Harriet used the horses to pack freight over the notorious White Pass Trail, lovingly nicknamed by the locals The Worst Trail This Side of Hell. It was a wee bit steep, to say the least. Harriet was the only woman EVER to move freight over it. She did so quite successfully and word got around. So maybe it was no surprise her worthless husband showed up during this time.
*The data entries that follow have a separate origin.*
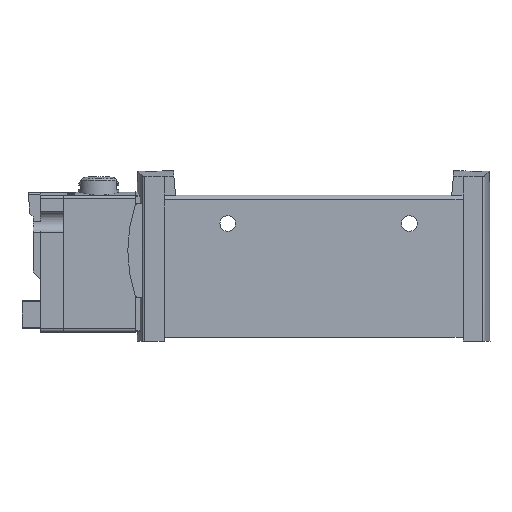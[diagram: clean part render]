
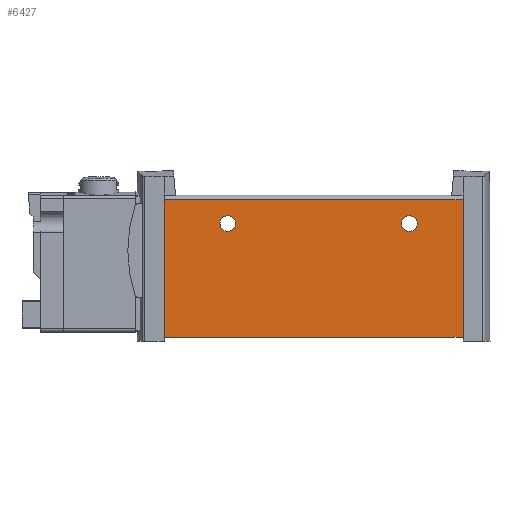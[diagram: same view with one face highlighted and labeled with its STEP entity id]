
A CAD part, top view. The second image highlights one B-rep face of the part: STEP entity #6427.
In plain terms, the highlighted planar face has unit normal (0, 0, 1).
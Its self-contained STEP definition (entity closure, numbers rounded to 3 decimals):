
#67=PLANE('',#6906);
#410=LINE('',#9854,#1092);
#413=LINE('',#9864,#1095);
#414=LINE('',#9866,#1096);
#415=LINE('',#9868,#1097);
#1092=VECTOR('',#7741,1000.);
#1095=VECTOR('',#7752,1000.);
#1096=VECTOR('',#7753,1000.);
#1097=VECTOR('',#7754,1000.);
#1739=CIRCLE('',#6907,1.6);
#1740=CIRCLE('',#6908,1.6);
#2179=ORIENTED_EDGE('',*,*,#4054,.F.);
#2180=ORIENTED_EDGE('',*,*,#4055,.F.);
#2181=ORIENTED_EDGE('',*,*,#4056,.T.);
#2182=ORIENTED_EDGE('',*,*,#4057,.F.);
#2183=ORIENTED_EDGE('',*,*,#4058,.F.);
#2184=ORIENTED_EDGE('',*,*,#4050,.T.);
#4050=EDGE_CURVE('',#4980,#4979,#410,.T.);
#4054=EDGE_CURVE('',#4981,#4981,#1739,.T.);
#4055=EDGE_CURVE('',#4982,#4982,#1740,.T.);
#4056=EDGE_CURVE('',#4979,#4983,#413,.T.);
#4057=EDGE_CURVE('',#4984,#4983,#414,.T.);
#4058=EDGE_CURVE('',#4980,#4984,#415,.T.);
#4979=VERTEX_POINT('',#9853);
#4980=VERTEX_POINT('',#9855);
#4981=VERTEX_POINT('',#9861);
#4982=VERTEX_POINT('',#9863);
#4983=VERTEX_POINT('',#9865);
#4984=VERTEX_POINT('',#9867);
#5505=EDGE_LOOP('',(#2179));
#5506=EDGE_LOOP('',(#2180));
#5507=EDGE_LOOP('',(#2181,#2182,#2183,#2184));
#5930=FACE_BOUND('',#5505,.T.);
#5931=FACE_BOUND('',#5506,.T.);
#5932=FACE_BOUND('',#5507,.T.);
#6427=ADVANCED_FACE('',(#5930,#5931,#5932),#67,.F.);
#6906=AXIS2_PLACEMENT_3D('',#9859,#7746,#7747);
#6907=AXIS2_PLACEMENT_3D('',#9860,#7748,#7749);
#6908=AXIS2_PLACEMENT_3D('',#9862,#7750,#7751);
#7741=DIRECTION('',(-1.,0.,0.));
#7746=DIRECTION('',(0.,0.,-1.));
#7747=DIRECTION('',(-1.,0.,0.));
#7748=DIRECTION('',(0.,0.,1.));
#7749=DIRECTION('',(1.,0.,0.));
#7750=DIRECTION('',(0.,0.,1.));
#7751=DIRECTION('',(1.,0.,0.));
#7752=DIRECTION('',(0.,-1.,0.));
#7753=DIRECTION('',(-1.,0.,0.));
#7754=DIRECTION('',(0.,-1.,0.));
#9853=CARTESIAN_POINT('',(-30.45,28.,7.2));
#9854=CARTESIAN_POINT('',(30.45,28.,7.2));
#9855=CARTESIAN_POINT('',(30.45,28.,7.2));
#9859=CARTESIAN_POINT('',(30.45,28.,7.2));
#9860=CARTESIAN_POINT('',(-17.5,23.2,7.2));
#9861=CARTESIAN_POINT('',(-15.9,23.2,7.2));
#9862=CARTESIAN_POINT('',(19.5,23.2,7.2));
#9863=CARTESIAN_POINT('',(21.1,23.2,7.2));
#9864=CARTESIAN_POINT('',(-30.45,28.,7.2));
#9865=CARTESIAN_POINT('',(-30.45,0.,7.2));
#9866=CARTESIAN_POINT('',(30.45,0.,7.2));
#9867=CARTESIAN_POINT('',(30.45,0.,7.2));
#9868=CARTESIAN_POINT('',(30.45,28.,7.2));
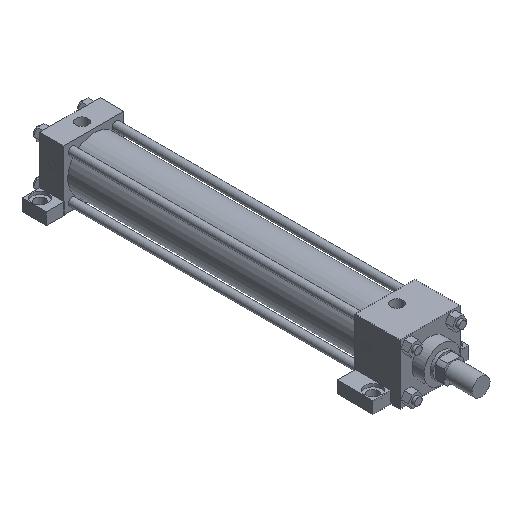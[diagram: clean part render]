
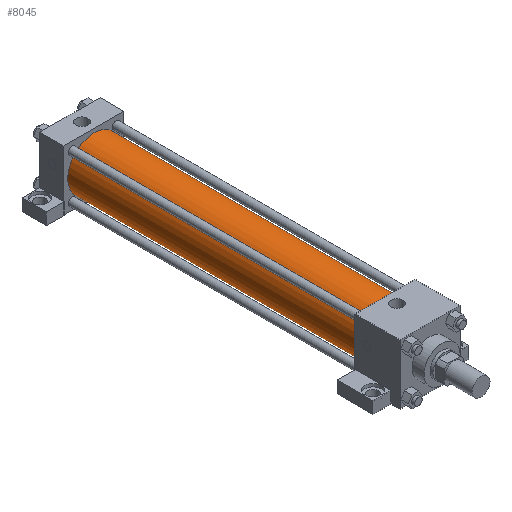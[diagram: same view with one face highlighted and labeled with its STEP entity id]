
A CAD part, isometric view. The second image highlights one B-rep face of the part: STEP entity #8045.
In plain terms, the highlighted cylindrical face has radius 27.813 mm (diameter 55.626 mm), a full revolution.
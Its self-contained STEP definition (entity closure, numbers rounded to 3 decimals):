
#1238=EDGE_CURVE('',#1244,#1244,#1239,.T.);
#1239=CIRCLE('',#1240,27.813);
#1240=AXIS2_PLACEMENT_3D('',#1241,#1242,#1243);
#1241=CARTESIAN_POINT('',(0.,73.025,0.));
#1242=DIRECTION('',(0.,1.,0.));
#1243=DIRECTION('',(-1.,0.,0.));
#1244=VERTEX_POINT('',#1245);
#1245=CARTESIAN_POINT('',(-27.813,73.025,0.));
#2765=FACE_OUTER_BOUND('',#2767,.T.);
#2766=FACE_BOUND('',#2768,.T.);
#2767=EDGE_LOOP('',(#2769));
#2768=EDGE_LOOP('',(#2778));
#2769=ORIENTED_EDGE('',*,*,#2770,.F.);
#2770=EDGE_CURVE('',#2776,#2776,#2771,.T.);
#2771=CIRCLE('',#2772,27.813);
#2772=AXIS2_PLACEMENT_3D('',#2773,#2774,#2775);
#2773=CARTESIAN_POINT('',(0.,381.,0.));
#2774=DIRECTION('',(0.,1.,0.));
#2775=DIRECTION('',(1.,0.,0.));
#2776=VERTEX_POINT('',#2777);
#2777=CARTESIAN_POINT('',(27.813,381.,0.));
#2778=ORIENTED_EDGE('',*,*,#1238,.T.);
#2779=CYLINDRICAL_SURFACE('',#2780,27.813);
#2780=AXIS2_PLACEMENT_3D('',#2781,#2782,#2783);
#2781=CARTESIAN_POINT('',(0.,381.,0.));
#2782=DIRECTION('',(0.,-1.,0.));
#2783=DIRECTION('',(0.,0.,-1.));
#8045=ADVANCED_FACE('',(#2765,#2766),#2779,.T.);
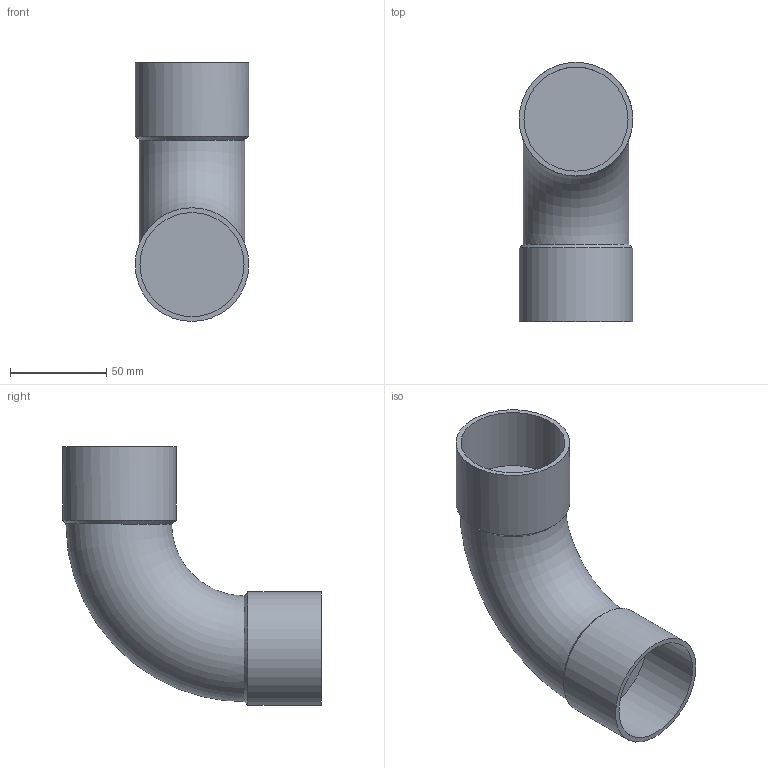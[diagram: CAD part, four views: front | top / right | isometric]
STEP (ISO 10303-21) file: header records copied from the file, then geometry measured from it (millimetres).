
FILE_DESCRIPTION(/* description */ ('Unknown'),/* implementation_level */ '2;1');
FILE_NAME(/* name */ 'F3DN54',/* time_stamp */ '2019-10-28T10:32:32+01:00',/* author */ ('Unknown'),/* organization */ ('Unknown'),/* preprocessor_version */ 'ST-DEVELOPER v16.7',/* originating_system */ 'DEX',/* authorisation */ $);
FILE_SCHEMA (('AUTOMOTIVE_DESIGN {1 0 10303 214 3 1 1}'));
Length unit declared in the file: millimetre
Products named in the file (1): F3DN54
Bounding box: 59 x 134.41 x 134.41 mm (x, y, z)
Volume: 306612.6 mm3; surface area: 49667.8 mm2
Topology: 1 solids, 1 shells, 11 faces, 19 edges, 12 vertices
Faces by surface type: plane 4, cylinder 4, cone 2, torus 1
Full cylindrical faces by diameter (mm): 54 x2, 59 x2
Entity records: 286 total; most frequent: CARTESIAN_POINT 77, DIRECTION 42, AXIS2_PLACEMENT_3D 21, ORIENTED_EDGE 20, EDGE_LOOP 20, FACE_BOUND 20, ADVANCED_FACE 11, EDGE_CURVE 10
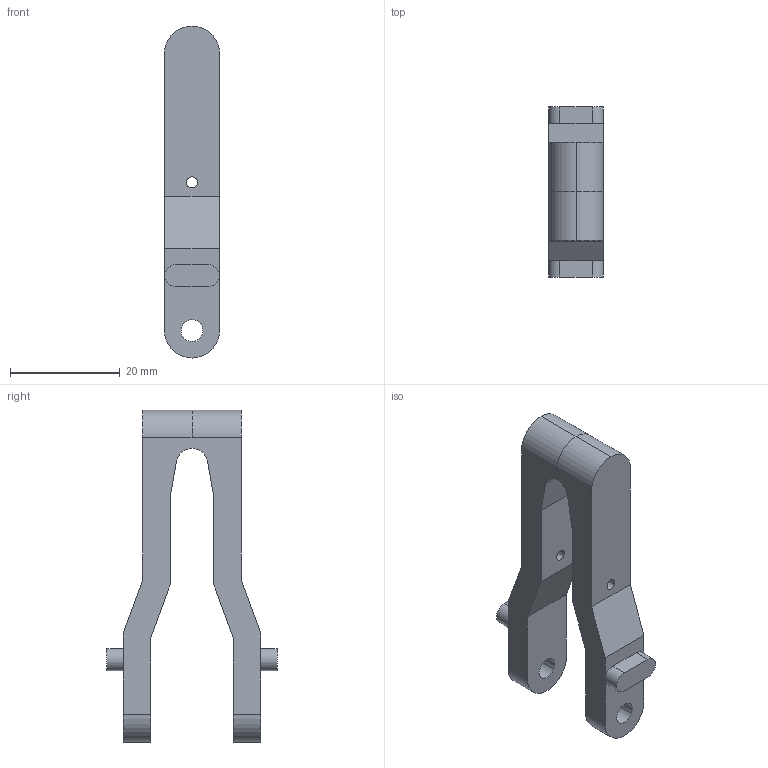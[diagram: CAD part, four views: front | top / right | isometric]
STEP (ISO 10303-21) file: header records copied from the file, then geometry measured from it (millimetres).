
FILE_DESCRIPTION(('CATIA V5 STEP Exchange'),'2;1');
FILE_NAME('Patte verrou position ski - 03 - Largeur 18.stp','2018-07-15T20:41:35+00:00',('none'),('none'),'CATIA Version 5 Release 21 GA (IN-10)','CATIA V5 STEP AP203','none');
FILE_SCHEMA(('CONFIG_CONTROL_DESIGN'));
Length unit declared in the file: millimetre
Products named in the file (1): Patte verrou position ski - 03 - Largeur 18
Bounding box: 10 x 31 x 60.5 mm (x, y, z)
Volume: 6599.7 mm3; surface area: 4075.6 mm2
Topology: 1 solids, 1 shells, 45 faces, 124 edges, 81 vertices
Faces by surface type: plane 24, cylinder 21
Entity records: 1406 total; most frequent: ORIENTED_EDGE 248, CARTESIAN_POINT 241, DIRECTION 194, EDGE_CURVE 124, VERTEX_POINT 81, AXIS2_PLACEMENT_3D 80, VECTOR 80, LINE 80

He didn’t stay long, choosing instead to brave the cold temperatures of the Klondike rather than the chill in Skagway.
When the railroad finally made pack mules obsolete, our heroine still managed to land on her feet. She bought a big house, rented out the rooms, and sold her pies. The Pullen House eventually became one of the most famous hotels in Alaska.
Harriet never re-married and raised four good kids on her own, two of them war heroes. This “Mother of the North” died in 1947. Probably with her boots on. So no matter what is going on in your life, I suggest first that you pray, and then roll up your sleeves and get to work.